Le ministre des Finances a sorti l’artillerie lourde pour le dernier Budget de la présente mandature. Ce n’est guère une surprise. Le pays étant en pleine campagne électorale, il était clair que le gouvernement allait utiliser à fond l’arme budgétaire à des fins politiciennes.

Il n’empêche que le Budget 2024- 2025 s’inscrit dans la continuité des quatre précédents exercices. À la décharge de Renganaden Padayachy, il faut reconnaître que malgré la succession de vents contraires, parmi la pire crise que le pays a connue dans le sillage de la pandémie avec une contraction de -15 % du PIB réel enregistrée en 2020, l’inclusion de Maurice sur la liste noire, les conséquences délétères de la guerre en Ukraine, il ne s’est jamais départi de sa philosophie économique teintée de socialisme et de sa vision de bâtir une économie plus durable et plus inclusive. Le renforcement de l’État-providence, le rétablissement du pouvoir d’achat, la protection des travailleurs ou encore l’émancipation économique de la femme sont des dénominateurs communs qu’on retrouve dans ses Budgets.

Avec la loi des finances 2024-2025, le gouvernement vient honorer les engagements qu’il a pris dans son manifeste électoral en 2019. On a eu droit à un exercice de redistribution de la richesse nationale. Le message est on ne peut plus clair : l’humain est placé au cœur du développement. Par là même, il a donné un avant-goût de ce que sera le prochain quinquennat dans l’éventualité d’une reconduction du régime actuel pour un troisième mandat.

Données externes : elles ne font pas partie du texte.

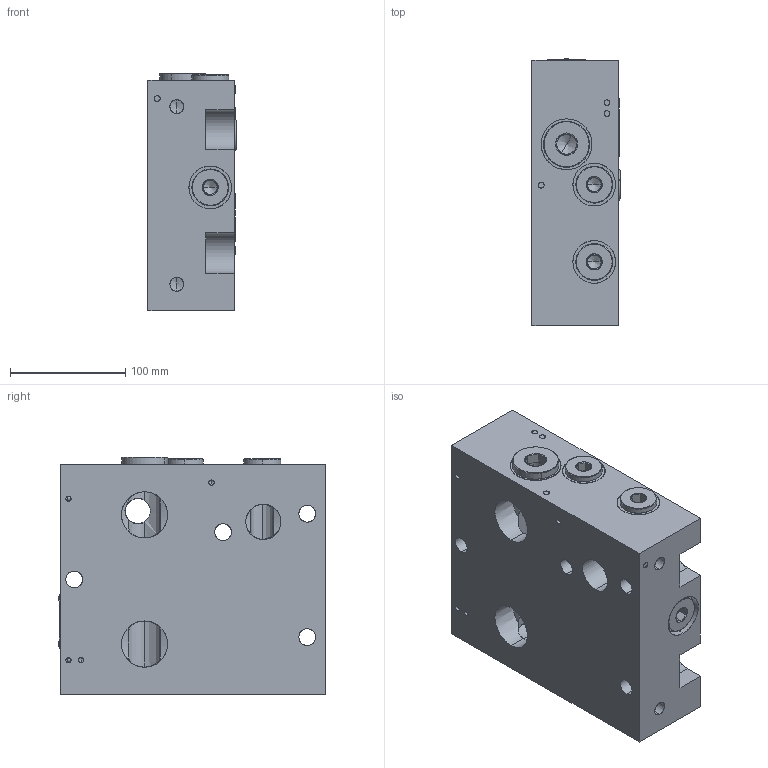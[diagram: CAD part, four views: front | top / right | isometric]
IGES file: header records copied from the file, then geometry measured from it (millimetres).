
Start section: SolidWorks IGES file using analytic representation for surfaces
Global section: file name: HSIF003105037.igs; native system: SolidWorks 2016; preprocessor: SolidWorks 2016; author: serviziopdm; date: 170214.151652; units: millimetre
Bounding box: 76.32 x 231.8 x 206 mm (x, y, z)
Surface area: 262513.5 mm2 (no closed solid volume)
Topology: 0 solids, 0 shells, 1943 faces, 25151 edges, 25097 vertices
Faces by surface type: bspline 1283, revolution 660

Les grands gagnants, ce sont surtout les couples qui envisagent d’avoir des enfants, les seniors, la classe ouvrière et les jeunes, en particulier ceux dans la tranche d’âge de 18 à 25 ans. Ainsi, le congé de maternité est rallongé de 14 à 16 semaines. Alors que le congé de paternité est étendu de 1 à 4 semaines. Pour les mères qui donneront naissance à des jumeaux ou à des triplés ou à un nouveau-né prématuré, un congé de maternité supplémentaire de 2 semaines sera accordé. De plus, 12 000 mères percevront une Maternity allowance mensuelle de Rs 2 000 pendant 9 mois à partir de la 28e semaine de grossesse. D’aucuns diront que ces mesures d’incitation à la parentalité viennent quelque part contrecarrer l’annonce de l’alliance Parti travailliste-MMM-Nouveaux Démocrates qu’elle introduirait un congé de maternité de 12 mois si elle accédait au pouvoir.

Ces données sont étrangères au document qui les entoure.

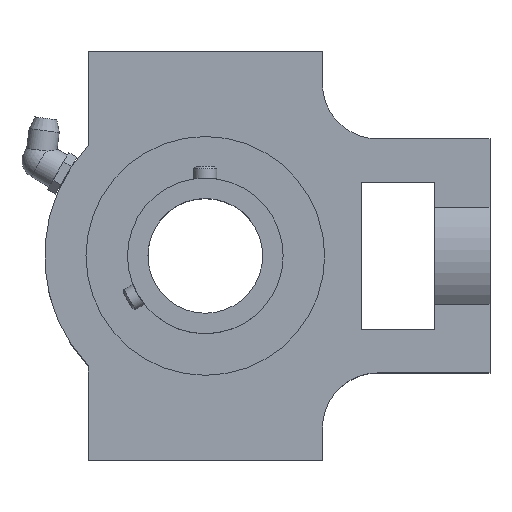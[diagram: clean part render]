
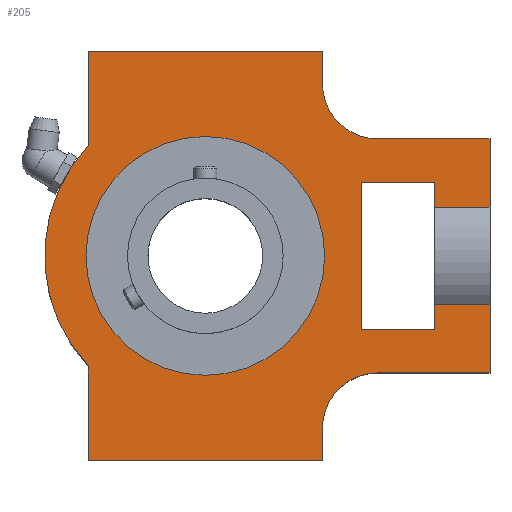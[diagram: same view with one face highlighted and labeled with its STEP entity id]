
A CAD part, top view. The second image highlights one B-rep face of the part: STEP entity #205.
In plain terms, the highlighted planar face has unit normal (0, 0, 1).
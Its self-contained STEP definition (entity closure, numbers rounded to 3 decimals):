
#205 = ADVANCED_FACE( '', ( #344, #345 ), #346, .T. );
#344 = FACE_BOUND( '', #537, .T. );
#345 = FACE_OUTER_BOUND( '', #538, .T. );
#346 = PLANE( '', #539 );
#537 = EDGE_LOOP( '', ( #872 ) );
#538 = EDGE_LOOP( '', ( #873, #874, #875, #876, #877, #878, #879, #880, #881, #882, #883, #884, #885, #886, #887, #888, #889, #890, #891, #892 ) );
#539 = AXIS2_PLACEMENT_3D( '', #893, #894, #895 );
#872 = ORIENTED_EDGE( '', *, *, #1310, .F. );
#873 = ORIENTED_EDGE( '', *, *, #1319, .T. );
#874 = ORIENTED_EDGE( '', *, *, #1320, .F. );
#875 = ORIENTED_EDGE( '', *, *, #1321, .T. );
#876 = ORIENTED_EDGE( '', *, *, #1322, .F. );
#877 = ORIENTED_EDGE( '', *, *, #1323, .T. );
#878 = ORIENTED_EDGE( '', *, *, #1324, .T. );
#879 = ORIENTED_EDGE( '', *, *, #1325, .T. );
#880 = ORIENTED_EDGE( '', *, *, #1326, .T. );
#881 = ORIENTED_EDGE( '', *, *, #1327, .T. );
#882 = ORIENTED_EDGE( '', *, *, #1328, .F. );
#883 = ORIENTED_EDGE( '', *, *, #1309, .T. );
#884 = ORIENTED_EDGE( '', *, *, #1329, .F. );
#885 = ORIENTED_EDGE( '', *, *, #1330, .F. );
#886 = ORIENTED_EDGE( '', *, *, #1331, .T. );
#887 = ORIENTED_EDGE( '', *, *, #1332, .F. );
#888 = ORIENTED_EDGE( '', *, *, #1333, .F. );
#889 = ORIENTED_EDGE( '', *, *, #1334, .F. );
#890 = ORIENTED_EDGE( '', *, *, #1335, .T. );
#891 = ORIENTED_EDGE( '', *, *, #1336, .T. );
#892 = ORIENTED_EDGE( '', *, *, #1337, .F. );
#893 = CARTESIAN_POINT( '', ( 50., 44.5, 12. ) );
#894 = DIRECTION( '', ( 0., 0., 1. ) );
#895 = DIRECTION( '', ( 1., 0., 0. ) );
#1309 = EDGE_CURVE( '', #1531, #1536, #1538, .T. );
#1310 = EDGE_CURVE( '', #1539, #1539, #1540, .T. );
#1319 = EDGE_CURVE( '', #1557, #1558, #1559, .T. );
#1320 = EDGE_CURVE( '', #1560, #1558, #1561, .T. );
#1321 = EDGE_CURVE( '', #1560, #1562, #1563, .T. );
#1322 = EDGE_CURVE( '', #1564, #1562, #1565, .T. );
#1323 = EDGE_CURVE( '', #1564, #1566, #1567, .T. );
#1324 = EDGE_CURVE( '', #1566, #1568, #1569, .T. );
#1325 = EDGE_CURVE( '', #1568, #1570, #1571, .T. );
#1326 = EDGE_CURVE( '', #1570, #1572, #1573, .T. );
#1327 = EDGE_CURVE( '', #1572, #1574, #1575, .T. );
#1328 = EDGE_CURVE( '', #1531, #1574, #1576, .T. );
#1329 = EDGE_CURVE( '', #1577, #1536, #1578, .T. );
#1330 = EDGE_CURVE( '', #1579, #1577, #1580, .T. );
#1331 = EDGE_CURVE( '', #1579, #1581, #1582, .T. );
#1332 = EDGE_CURVE( '', #1583, #1581, #1584, .T. );
#1333 = EDGE_CURVE( '', #1585, #1583, #1586, .T. );
#1334 = EDGE_CURVE( '', #1587, #1585, #1588, .T. );
#1335 = EDGE_CURVE( '', #1587, #1589, #1590, .T. );
#1336 = EDGE_CURVE( '', #1589, #1591, #1592, .T. );
#1337 = EDGE_CURVE( '', #1557, #1591, #1593, .T. );
#1531 = VERTEX_POINT( '', #2110 );
#1536 = VERTEX_POINT( '', #2117 );
#1538 = LINE( '', #2120, #2121 );
#1539 = VERTEX_POINT( '', #2122 );
#1540 = CIRCLE( '', #2123, 26. );
#1557 = VERTEX_POINT( '', #2148 );
#1558 = VERTEX_POINT( '', #2149 );
#1559 = LINE( '', #2150, #2151 );
#1560 = VERTEX_POINT( '', #2152 );
#1561 = CIRCLE( '', #2153, 12. );
#1562 = VERTEX_POINT( '', #2154 );
#1563 = LINE( '', #2155, #2156 );
#1564 = VERTEX_POINT( '', #2157 );
#1565 = LINE( '', #2158, #2159 );
#1566 = VERTEX_POINT( '', #2160 );
#1567 = LINE( '', #2161, #2162 );
#1568 = VERTEX_POINT( '', #2163 );
#1569 = CIRCLE( '', #2164, 35. );
#1570 = VERTEX_POINT( '', #2165 );
#1571 = LINE( '', #2166, #2167 );
#1572 = VERTEX_POINT( '', #2168 );
#1573 = LINE( '', #2169, #2170 );
#1574 = VERTEX_POINT( '', #2171 );
#1575 = LINE( '', #2172, #2173 );
#1576 = CIRCLE( '', #2174, 12. );
#1577 = VERTEX_POINT( '', #2175 );
#1578 = LINE( '', #2176, #2177 );
#1579 = VERTEX_POINT( '', #2178 );
#1580 = LINE( '', #2179, #2180 );
#1581 = VERTEX_POINT( '', #2181 );
#1582 = LINE( '', #2182, #2183 );
#1583 = VERTEX_POINT( '', #2184 );
#1584 = LINE( '', #2185, #2186 );
#1585 = VERTEX_POINT( '', #2187 );
#1586 = LINE( '', #2188, #2189 );
#1587 = VERTEX_POINT( '', #2190 );
#1588 = LINE( '', #2191, #2192 );
#1589 = VERTEX_POINT( '', #2193 );
#1590 = LINE( '', #2194, #2195 );
#1591 = VERTEX_POINT( '', #2196 );
#1592 = LINE( '', #2197, #2198 );
#1593 = LINE( '', #2199, #2200 );
#2110 = CARTESIAN_POINT( '', ( 37.5, -25.5, 12. ) );
#2117 = CARTESIAN_POINT( '', ( 62., -25.5, 12. ) );
#2120 = CARTESIAN_POINT( '', ( 37.5, -25.5, 12. ) );
#2121 = VECTOR( '', #2524, 1000. );
#2122 = CARTESIAN_POINT( '', ( 26., 0., 12. ) );
#2123 = AXIS2_PLACEMENT_3D( '', #2525, #2526, #2527 );
#2148 = CARTESIAN_POINT( '', ( 62., 25.5, 12. ) );
#2149 = CARTESIAN_POINT( '', ( 37.5, 25.5, 12. ) );
#2150 = CARTESIAN_POINT( '', ( 62., 25.5, 12. ) );
#2151 = VECTOR( '', #2536, 1000. );
#2152 = CARTESIAN_POINT( '', ( 25.5, 37.5, 12. ) );
#2153 = AXIS2_PLACEMENT_3D( '', #2537, #2538, #2539 );
#2154 = CARTESIAN_POINT( '', ( 25.5, 44.5, 12. ) );
#2155 = CARTESIAN_POINT( '', ( 25.5, 37.5, 12. ) );
#2156 = VECTOR( '', #2540, 1000. );
#2157 = CARTESIAN_POINT( '', ( -25.5, 44.5, 12. ) );
#2158 = CARTESIAN_POINT( '', ( -47., 44.5, 12. ) );
#2159 = VECTOR( '', #2541, 1000. );
#2160 = CARTESIAN_POINT( '', ( -25.5, 23.974, 12. ) );
#2161 = CARTESIAN_POINT( '', ( -25.5, 44.5, 12. ) );
#2162 = VECTOR( '', #2542, 1000. );
#2163 = CARTESIAN_POINT( '', ( -25.5, -23.974, 12. ) );
#2164 = AXIS2_PLACEMENT_3D( '', #2543, #2544, #2545 );
#2165 = CARTESIAN_POINT( '', ( -25.5, -44.5, 12. ) );
#2166 = CARTESIAN_POINT( '', ( -25.5, -23.974, 12. ) );
#2167 = VECTOR( '', #2546, 1000. );
#2168 = CARTESIAN_POINT( '', ( 25.5, -44.5, 12. ) );
#2169 = CARTESIAN_POINT( '', ( -47., -44.5, 12. ) );
#2170 = VECTOR( '', #2547, 1000. );
#2171 = CARTESIAN_POINT( '', ( 25.5, -37.5, 12. ) );
#2172 = CARTESIAN_POINT( '', ( 25.5, -44.5, 12. ) );
#2173 = VECTOR( '', #2548, 1000. );
#2174 = AXIS2_PLACEMENT_3D( '', #2549, #2550, #2551 );
#2175 = CARTESIAN_POINT( '', ( 62., -10.583, 12. ) );
#2176 = CARTESIAN_POINT( '', ( 62., -10.583, 12. ) );
#2177 = VECTOR( '', #2552, 1000. );
#2178 = CARTESIAN_POINT( '', ( 50., -10.583, 12. ) );
#2179 = CARTESIAN_POINT( '', ( 50., -10.583, 12. ) );
#2180 = VECTOR( '', #2553, 1000. );
#2181 = CARTESIAN_POINT( '', ( 50., -16., 12. ) );
#2182 = CARTESIAN_POINT( '', ( 50., -10.583, 12. ) );
#2183 = VECTOR( '', #2554, 1000. );
#2184 = CARTESIAN_POINT( '', ( 34., -16., 12. ) );
#2185 = CARTESIAN_POINT( '', ( 34., -16., 12. ) );
#2186 = VECTOR( '', #2555, 1000. );
#2187 = CARTESIAN_POINT( '', ( 34., 16., 12. ) );
#2188 = CARTESIAN_POINT( '', ( 34., 16., 12. ) );
#2189 = VECTOR( '', #2556, 1000. );
#2190 = CARTESIAN_POINT( '', ( 50., 16., 12. ) );
#2191 = CARTESIAN_POINT( '', ( 50., 16., 12. ) );
#2192 = VECTOR( '', #2557, 1000. );
#2193 = CARTESIAN_POINT( '', ( 50., 10.583, 12. ) );
#2194 = CARTESIAN_POINT( '', ( 50., 44.5, 12. ) );
#2195 = VECTOR( '', #2558, 1000. );
#2196 = CARTESIAN_POINT( '', ( 62., 10.583, 12. ) );
#2197 = CARTESIAN_POINT( '', ( 50., 10.583, 12. ) );
#2198 = VECTOR( '', #2559, 1000. );
#2199 = CARTESIAN_POINT( '', ( 62., 44.5, 12. ) );
#2200 = VECTOR( '', #2560, 1000. );
#2524 = DIRECTION( '', ( 1., 0., 0. ) );
#2525 = CARTESIAN_POINT( '', ( 0., 0., 12. ) );
#2526 = DIRECTION( '', ( 0., 0., 1. ) );
#2527 = DIRECTION( '', ( 1., 0., 0. ) );
#2536 = DIRECTION( '', ( -1., 0., 0. ) );
#2537 = CARTESIAN_POINT( '', ( 37.5, 37.5, 12. ) );
#2538 = DIRECTION( '', ( 0., 0., 1. ) );
#2539 = DIRECTION( '', ( 1., 0., 0. ) );
#2540 = DIRECTION( '', ( 0., 1., 0. ) );
#2541 = DIRECTION( '', ( 1., 0., 0. ) );
#2542 = DIRECTION( '', ( 0., -1., 0. ) );
#2543 = CARTESIAN_POINT( '', ( 0., 0., 12. ) );
#2544 = DIRECTION( '', ( 0., 0., 1. ) );
#2545 = DIRECTION( '', ( 1., 0., 0. ) );
#2546 = DIRECTION( '', ( 0., -1., 0. ) );
#2547 = DIRECTION( '', ( 1., 0., 0. ) );
#2548 = DIRECTION( '', ( 0., 1., 0. ) );
#2549 = CARTESIAN_POINT( '', ( 37.5, -37.5, 12. ) );
#2550 = DIRECTION( '', ( 0., 0., 1. ) );
#2551 = DIRECTION( '', ( 1., 0., 0. ) );
#2552 = DIRECTION( '', ( 0., -1., 0. ) );
#2553 = DIRECTION( '', ( 1., 0., 0. ) );
#2554 = DIRECTION( '', ( 0., -1., 0. ) );
#2555 = DIRECTION( '', ( 1., 0., 0. ) );
#2556 = DIRECTION( '', ( 0., -1., 0. ) );
#2557 = DIRECTION( '', ( -1., 0., 0. ) );
#2558 = DIRECTION( '', ( 0., -1., 0. ) );
#2559 = DIRECTION( '', ( 1., 0., 0. ) );
#2560 = DIRECTION( '', ( 0., -1., 0. ) );

Le Budget fait également provision pour que 310 000 seniors, handicapés et veuves reçoivent une pension plus élevée. Dans le cas de la pension de vieillesse, elle augmentera de Rs 13 500 à Rs 14 000 dès le 1er juillet, avant de passer à Rs 15 000 en janvier 2025. Alors que la pension pour les seniors dans les tranches d’âge de 65 à 74 ans et de 75 à 89 ans augmentera à Rs 16 000 et Rs 17 500 respectivement.

Les jeunes sont particulièrement choyés par le gouvernement. L’une des mesures clés concerne la fourniture d’un forfait mensuel de données gratuites afin de permettre à quelque 80 000 jeunes âgés entre 18 et 25 ans de bénéficier d’un accès gratuit à l’Internet mobile.

Par ailleurs, pour améliorer le pouvoir d’achat des consommateurs, l’État mobilisera une somme de Rs 4,9 milliards afin de subventionner le gaz ménager, la farine et le pain.

Certes, la panoplie de mesures sociales fortes annoncées par le Grand argentier fait marquer des points au gouvernement auprès d’une forte frange de l’électorat, mais il serait réducteur de ramener ce Budget à un exercice de clientélisme ou de marketing politique. Adopter des mesures sociales fortes allant dans le sens d’un renforcement du pouvoir d’achat, c’est actionner le levier de la demande et dynamiser la consommation. Celle-ci représente environ 75 % de notre PIB.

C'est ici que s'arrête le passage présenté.